From this sort of thing, I assume, comes the Memory Palace/method of loci idea, wherein you build a place in your head and anchor data you need to remember to certain locations and objects within it. When you're trying to remember something, you walk yourself through it to the information you need, in the same way that I have to kind of get past the idea of the regiment of armored boars in order to reach the idea of their boarless-but-humvee-infested campsite. Fortunately, I used to play World of Warcraft, and so am accustomed to getting past armored boars.

So the idea sounds cutesy, but it does work in some circumstances. Sometimes, though, the sci-fi and fantasy authors get hold of it! More because it is poetically useful than because they want to describe its psychological underpinnings.

Books I've read in which the concept shows up include Kate Elliott's Crown of Stars series and John Crowley's Little, Big, in which wizards have memory palaces, and Chris Moriarty's Spin State, in which an AI has one. In all of these examples, as one might expect, walking through the memory palace means more than just remembering stuff.

In Crown of Stars, Liath does it to comfort herself and detach herself from reality while undergoing terrible things, and in Little, Big, Hawksquill uses landmarks made from things she knows to get to things she doesn't know. In both of these cases, it represents a kind of trance state, in which the characters are able to do things they ordinarily couldn't. In Spin State, when the heroine ends up in the AI Cohen's memory palace, it acts as a metaphor for intimacy and revelation. The way the palace is described in the fantasy books is similar to the way that people often describe lucid dreaming, while in the sci-fi book, it's more like the Holodeck. In all three it's treated as a physical location with sensory value, malleable only within limits.
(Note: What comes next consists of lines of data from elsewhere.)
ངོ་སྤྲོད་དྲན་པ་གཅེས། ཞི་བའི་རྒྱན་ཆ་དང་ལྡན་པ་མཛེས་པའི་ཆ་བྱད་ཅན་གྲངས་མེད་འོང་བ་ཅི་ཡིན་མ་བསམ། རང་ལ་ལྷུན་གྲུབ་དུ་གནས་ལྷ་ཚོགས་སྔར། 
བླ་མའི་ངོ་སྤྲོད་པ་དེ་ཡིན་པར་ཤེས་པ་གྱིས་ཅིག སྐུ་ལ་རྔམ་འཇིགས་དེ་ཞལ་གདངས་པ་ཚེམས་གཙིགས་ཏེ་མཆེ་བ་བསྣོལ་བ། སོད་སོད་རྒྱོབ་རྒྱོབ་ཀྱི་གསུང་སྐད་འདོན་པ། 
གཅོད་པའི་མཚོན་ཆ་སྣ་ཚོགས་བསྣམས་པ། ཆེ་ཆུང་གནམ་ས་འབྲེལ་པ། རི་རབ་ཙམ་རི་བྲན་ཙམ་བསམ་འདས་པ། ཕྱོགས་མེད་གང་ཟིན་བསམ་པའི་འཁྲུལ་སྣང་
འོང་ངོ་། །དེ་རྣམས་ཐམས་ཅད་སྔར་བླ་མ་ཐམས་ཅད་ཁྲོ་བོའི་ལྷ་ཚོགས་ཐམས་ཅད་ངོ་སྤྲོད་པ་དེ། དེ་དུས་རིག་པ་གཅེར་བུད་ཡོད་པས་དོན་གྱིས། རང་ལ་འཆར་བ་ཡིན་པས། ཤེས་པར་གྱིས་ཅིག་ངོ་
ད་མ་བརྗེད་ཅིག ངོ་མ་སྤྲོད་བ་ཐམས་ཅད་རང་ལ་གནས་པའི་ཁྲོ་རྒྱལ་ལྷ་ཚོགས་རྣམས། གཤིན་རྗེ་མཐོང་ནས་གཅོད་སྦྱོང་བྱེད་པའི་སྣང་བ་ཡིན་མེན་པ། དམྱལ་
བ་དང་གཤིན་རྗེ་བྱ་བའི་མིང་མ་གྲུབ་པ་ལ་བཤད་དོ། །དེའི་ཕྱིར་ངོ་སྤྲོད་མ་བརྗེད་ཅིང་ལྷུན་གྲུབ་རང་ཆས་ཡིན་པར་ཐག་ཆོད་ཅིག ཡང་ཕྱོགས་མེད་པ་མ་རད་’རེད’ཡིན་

As a reality check, this isn't very accurate - I sadly do not go into Darkover-related lucid dreams while doing my flashcards - except for the part where it's not easy to change things! It's hard to change your mnemonics after the fact if you find you've formed them poorly. Like, if I've incorporated an image of an enraged ballerina into the mnemonic for the kanji for "pastry," and later on get to an actual primitive that Heisig decides to dub "enraged ballerina," I will be forever trying to wrongly impose Heisig's enraged ballerina onto that poor pastry. The pastry will be totally defenseless against the ballerina. My only choice will be to visualize two separate and visually distinct enraged ballerinas, one of whom exists only in pastry-related contexts. Maybe that one can be Fakir.

(This isn't a real example, so please do not go looking for this excellent primitive.)
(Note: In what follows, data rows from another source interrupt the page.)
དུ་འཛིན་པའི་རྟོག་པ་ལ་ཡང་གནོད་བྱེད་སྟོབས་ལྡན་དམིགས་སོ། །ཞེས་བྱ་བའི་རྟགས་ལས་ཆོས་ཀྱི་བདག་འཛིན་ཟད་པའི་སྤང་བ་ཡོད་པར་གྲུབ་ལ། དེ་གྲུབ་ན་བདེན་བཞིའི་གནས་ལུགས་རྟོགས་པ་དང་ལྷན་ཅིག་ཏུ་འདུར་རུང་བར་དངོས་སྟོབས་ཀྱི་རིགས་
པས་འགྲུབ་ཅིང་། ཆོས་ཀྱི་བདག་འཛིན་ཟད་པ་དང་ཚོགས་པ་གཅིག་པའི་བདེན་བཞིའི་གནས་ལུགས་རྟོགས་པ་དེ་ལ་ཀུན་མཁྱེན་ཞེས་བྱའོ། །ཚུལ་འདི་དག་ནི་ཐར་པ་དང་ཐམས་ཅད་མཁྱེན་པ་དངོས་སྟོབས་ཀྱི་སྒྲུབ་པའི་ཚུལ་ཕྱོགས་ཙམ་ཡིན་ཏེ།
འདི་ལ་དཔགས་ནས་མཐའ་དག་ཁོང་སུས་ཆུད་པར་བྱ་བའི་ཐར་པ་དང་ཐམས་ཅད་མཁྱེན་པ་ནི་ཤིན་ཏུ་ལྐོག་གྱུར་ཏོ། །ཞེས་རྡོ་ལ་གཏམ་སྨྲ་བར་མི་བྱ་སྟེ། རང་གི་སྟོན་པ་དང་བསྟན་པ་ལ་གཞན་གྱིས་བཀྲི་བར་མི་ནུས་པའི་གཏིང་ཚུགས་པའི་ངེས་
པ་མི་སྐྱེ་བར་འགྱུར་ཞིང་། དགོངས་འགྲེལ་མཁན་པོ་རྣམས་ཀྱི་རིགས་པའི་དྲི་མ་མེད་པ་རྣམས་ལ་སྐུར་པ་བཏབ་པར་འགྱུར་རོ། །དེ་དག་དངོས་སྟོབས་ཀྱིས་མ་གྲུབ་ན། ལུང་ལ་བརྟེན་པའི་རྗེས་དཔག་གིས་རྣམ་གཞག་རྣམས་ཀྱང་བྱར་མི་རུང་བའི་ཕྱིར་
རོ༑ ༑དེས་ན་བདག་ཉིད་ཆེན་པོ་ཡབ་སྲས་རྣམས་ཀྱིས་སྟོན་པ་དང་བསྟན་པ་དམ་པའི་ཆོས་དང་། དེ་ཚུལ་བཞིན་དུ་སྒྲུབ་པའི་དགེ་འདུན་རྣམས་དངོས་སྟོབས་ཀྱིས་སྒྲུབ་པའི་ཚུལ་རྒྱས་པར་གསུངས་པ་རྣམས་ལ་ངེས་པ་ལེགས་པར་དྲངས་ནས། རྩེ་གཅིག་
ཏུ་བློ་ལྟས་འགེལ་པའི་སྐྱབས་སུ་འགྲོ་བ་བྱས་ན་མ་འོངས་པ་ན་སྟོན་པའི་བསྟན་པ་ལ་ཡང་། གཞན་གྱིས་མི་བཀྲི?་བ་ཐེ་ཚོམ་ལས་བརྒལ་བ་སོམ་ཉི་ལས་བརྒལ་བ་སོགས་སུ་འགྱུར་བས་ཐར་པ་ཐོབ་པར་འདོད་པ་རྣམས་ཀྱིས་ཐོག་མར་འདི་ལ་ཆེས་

The other issue with these conceptions is that they treat the memory palace as a kind of structure into which one organizes one's entire memory - like, the names of people in your Japanese class, and the history of the Axumite Empire, and where you put all your hats. You just walk to a different area to get to the different conceptual space. I don't think anyone really does that, except maybe as kind of an aesthetic thing, because you don't really need to "walk" anywhere to know that you want kanji rather than digits of pi - they're entirely different types of information. "Oh, and over there past the French verb conjugation statuary garden, engulfed in eternal darkness, is Kinkakuji, which contains Pokemon 1-251. 252 on up are in a bleak, crumbling tower in the center of the ancient cedar grove representing the quadratic equation. Ironically, I cannot for the life of me remember why!" But I guess it is cooler to have it all in one place, because then it can represent the soul and suchlike.